Denmark can spend if growth falls, says IMF

24 Jan 13
Denmark should consider increasing public spending if its ‘faltering’ recovery worsens, the International Monetary Fund said today.

By Nick Mann | 24 January 2013

Denmark should consider increasing public spending if its ‘faltering’ recovery worsens, the International Monetary Fund said today.

According to the Fund’s latest bi-annual review of the Danish economy, its gross domestic product fell by 0.4% last year. It is now expected to grow by 0.9% in 2013, mostly as a result of private consumption and modest growth in business investment. However, risks to the economy persist through the country’s close trade and financial links to the euro – and the peg between the Danish krone and euro.
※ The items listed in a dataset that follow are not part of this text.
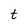
Character: t
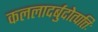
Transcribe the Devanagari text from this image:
कललादर्बुदोत्पत्तिः
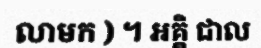
លាមក ) ។ អគ្គិ ជាល
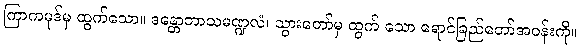
ကြာကမုဒ်မှ ထွက်သော။ ဒန္တောဘာသမဏ္ဍလံ၊ သွားတော်မှ ထွက် သော ရောင်ခြည်တော်အဝန်းကို။
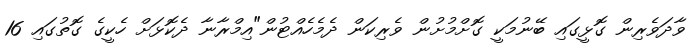
ވާދަވެރިން ގޮޅީގައި ބޭނުމަކީ ގޮށްމުށުން ވެރިކަން ދެމެހެއްޓުން"އިމްރާނާ ދެކޮޅަށް ހެކީގެ ގޮތުގައި 16
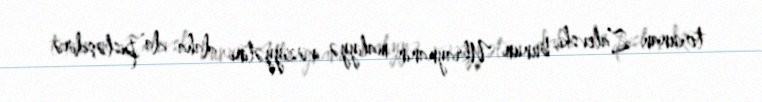
toxunan Zalevski, bunun Ukraynanın maliyyə vəziyyətini daha da pisləşdirə
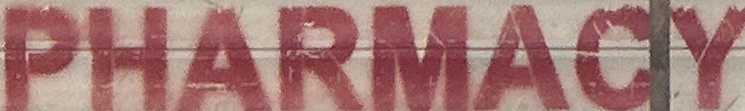
PHARMACY
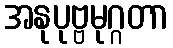
အနုပုဗ္ဗမုဂ္ဂတာ
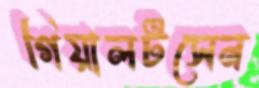
গিয়ালটসেন
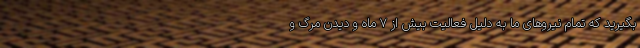
بگیرید که تمام نیروهای ما به دلیل فعالیت بیش از 7 ماه و دیدن مرگ و
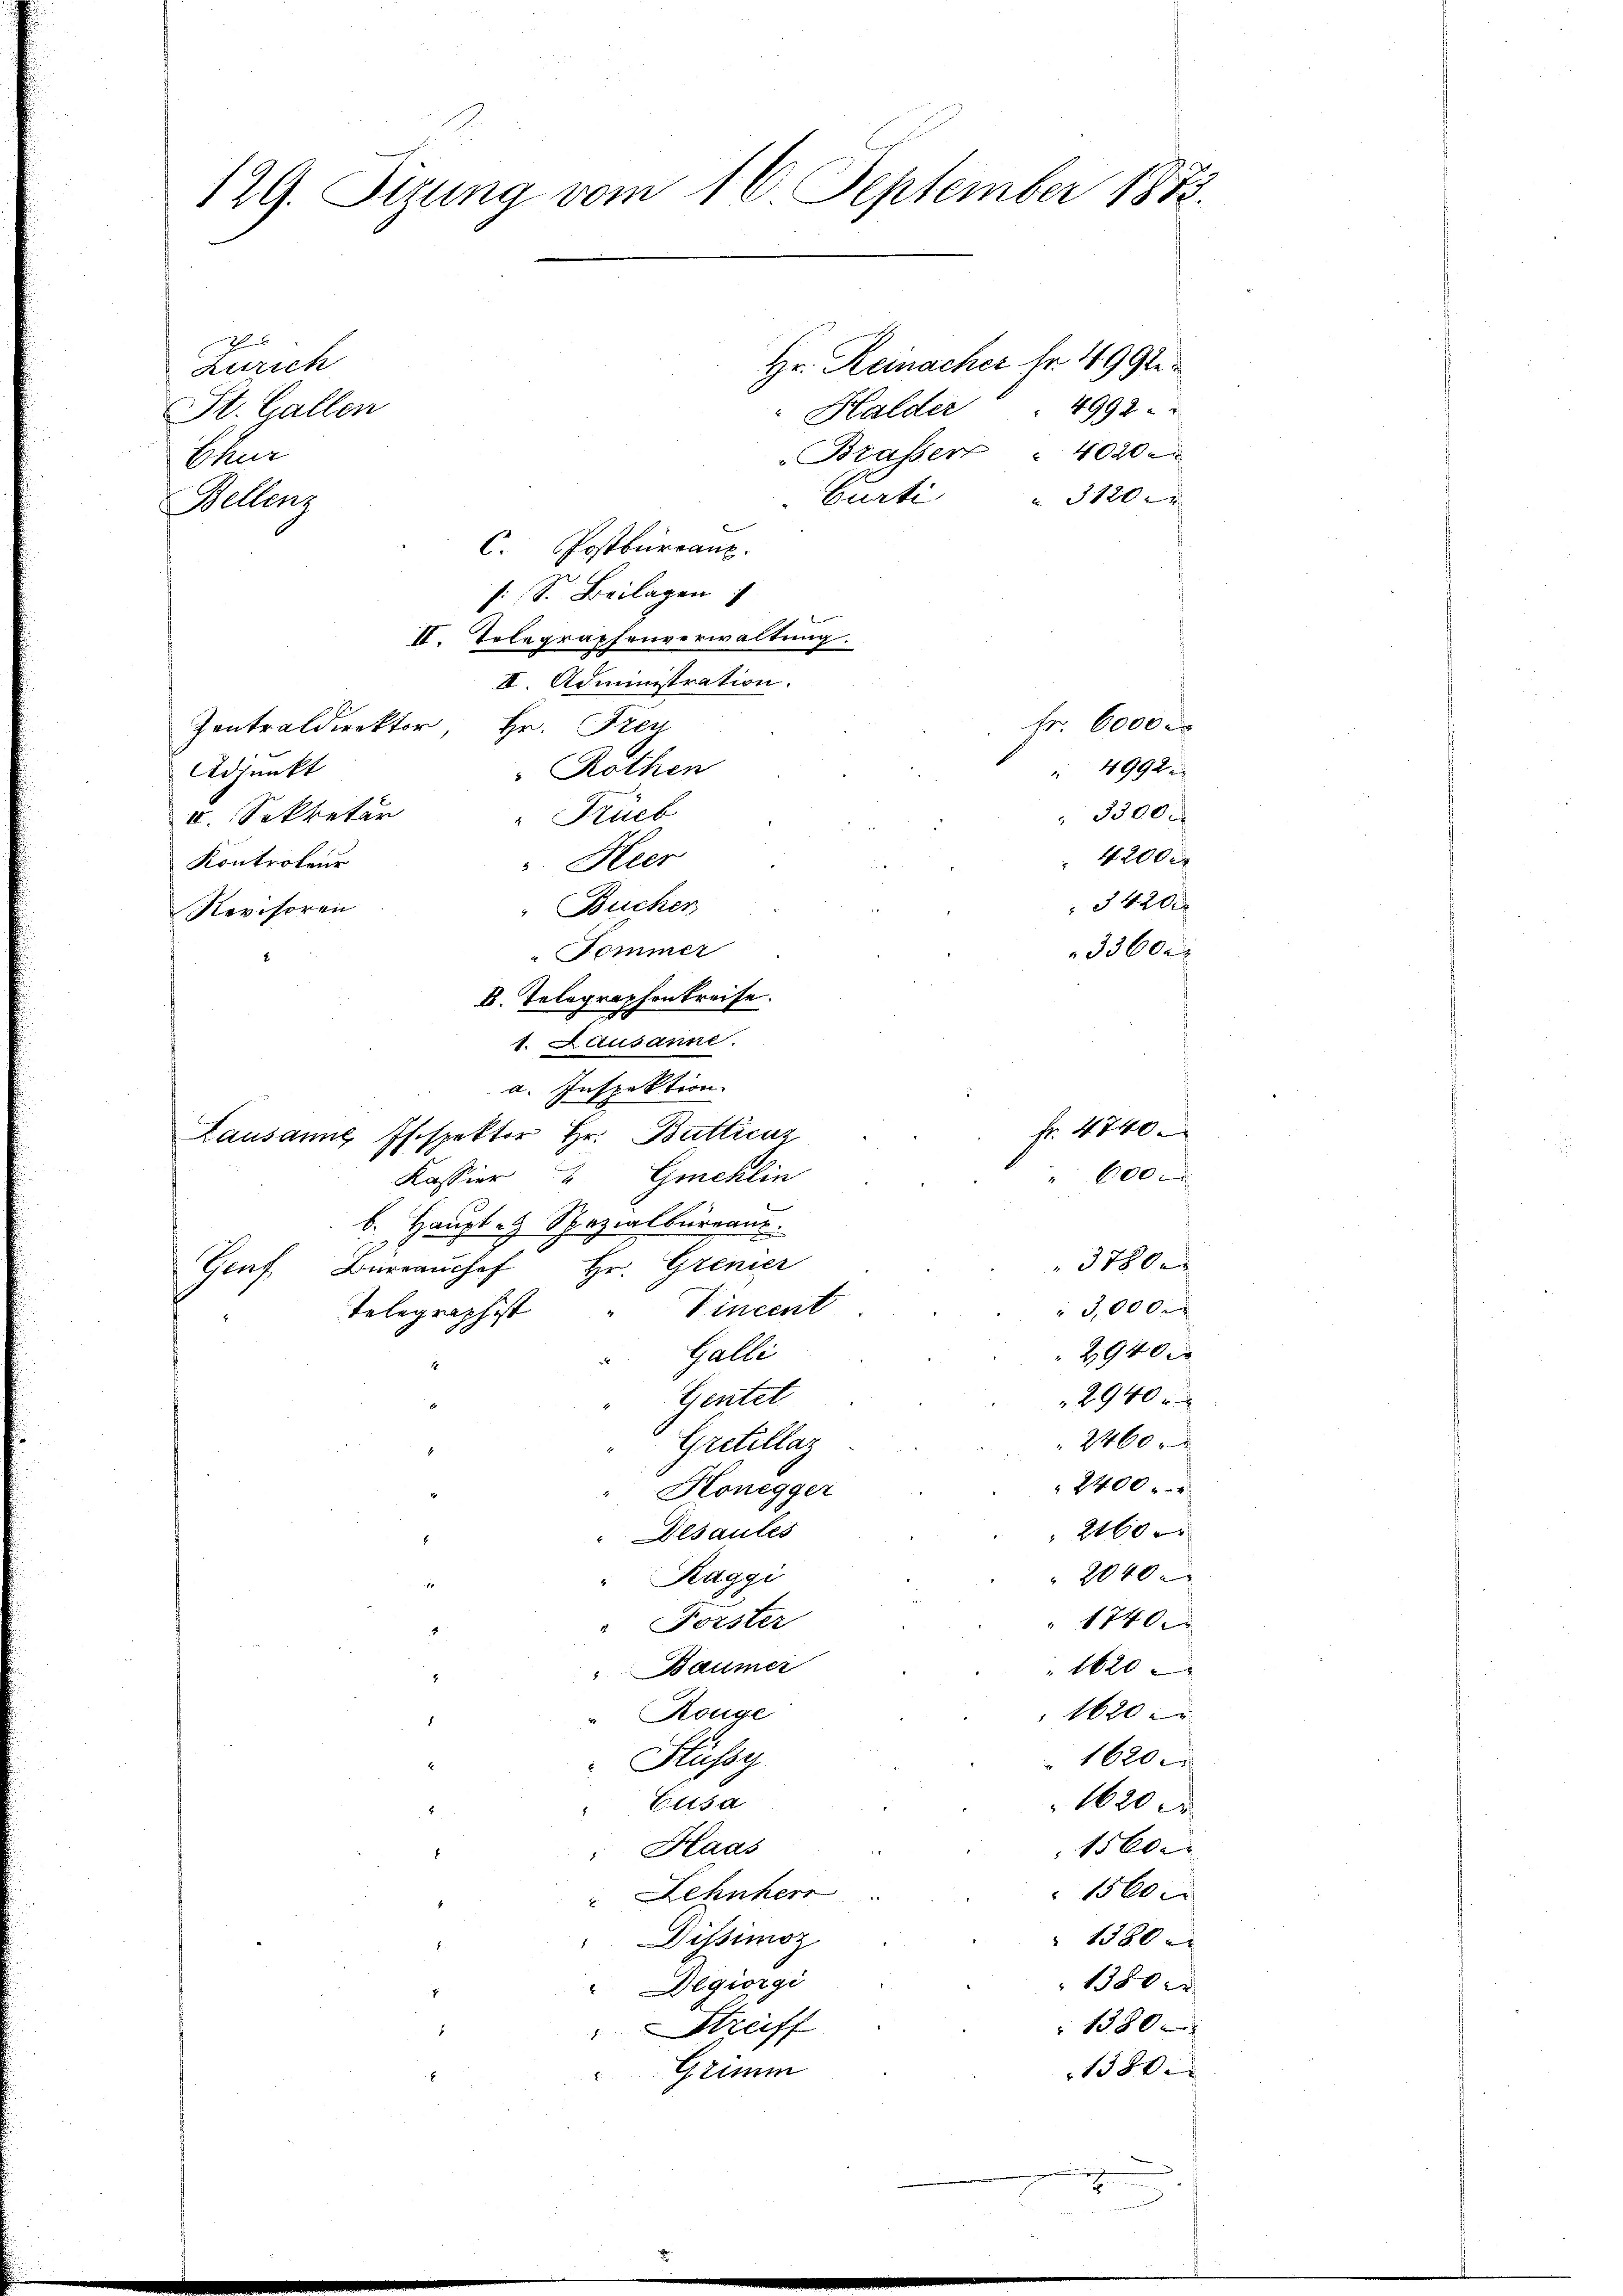
129. Sizung vom 16. September 1873.

J
Hr. Reinacher Fr. 499te¬
Zürich
Halder " " 4992.
Brasser " 4020.
Curti
 3120
C. Postburranz.
: S. Beilagen
II. Telegraphenverwaltung.
II. Administration.
Fr. 6000 r
Zentraldirektor, Hr. Freu
Adjunkt
4992 x
Rothen
"Krück
 3300 f
II. Sekretär
 4200
Kontroleur
u. Heer
3420
Buchen
Revisoren
Fommer
II. Telegraphenkreise.
1. Lausanne.
a. Inspektion
Lausanne Inspektor Hr. Butticaz
Kassier 4 Gmeklin
b. Haupten Spezialbureaus.
3590
Genf, Büreaŭchef Hr. Grenier
Vincent
3,000 x
Telegraphist
29400
 Galli
Gentel
2940 r
2460
Gritillaz
2400
Honegger
2160
Desaules
2040 x
Kaggi
Forster
1740 x
Baumer
1620
1620
Ronge
1620.
Stüssy
1620 Fr
Elisa
Haas
15 000
1500 x
Lehnherr
 1380 x
Dissimoz
1380 x
"Degiorgi
1380 x
Streiff
1380.
Grimm

St. Gallen
Chur
Bellenz

" 600

33600

fr. 4740

The IMF stressed that Denmark’s low public debt, currently less than 50% of its gross domestic product, as well as its strong credit rating and net creditor status meant it was ‘well-positioned’ to address the economic challenges it faces.

Increases in government spending aimed at addressing lower-than-expected economic growth had already increased Denmark’s budget deficit to an estimated 4.2% of gross domestic product last year.

In a statement, the IMF said further spending would be acceptable if growth failed to recover as expected. IMF directors ‘broadly agreed that, if growth falls significantly below current projections, the authorities should allow automatic stabilisers to operate fully and consider additional support to the economy’.

They stressed, however, that any additional spending should ensure that Denmark’s deficit for this year does not rise above 3%. The country must reduce its deficit below this level to leave the EU’s Excessive Deficit Procedure, which it entered in May 2010.

Meeting this target, and then exiting the EDP in early 2014, was important for ‘maintaining market confidence’, the IMF said. This view was shared by the Danish government, which placed ‘very high priority’ on achieving these goals, the report said.

‘In addition to complying with their EU agreements, the authorities believe that failing to meet the targets would undermine financial market confidence in Denmark’s continued willingness to take the measures necessary to maintain fiscal sustainability,’ it added.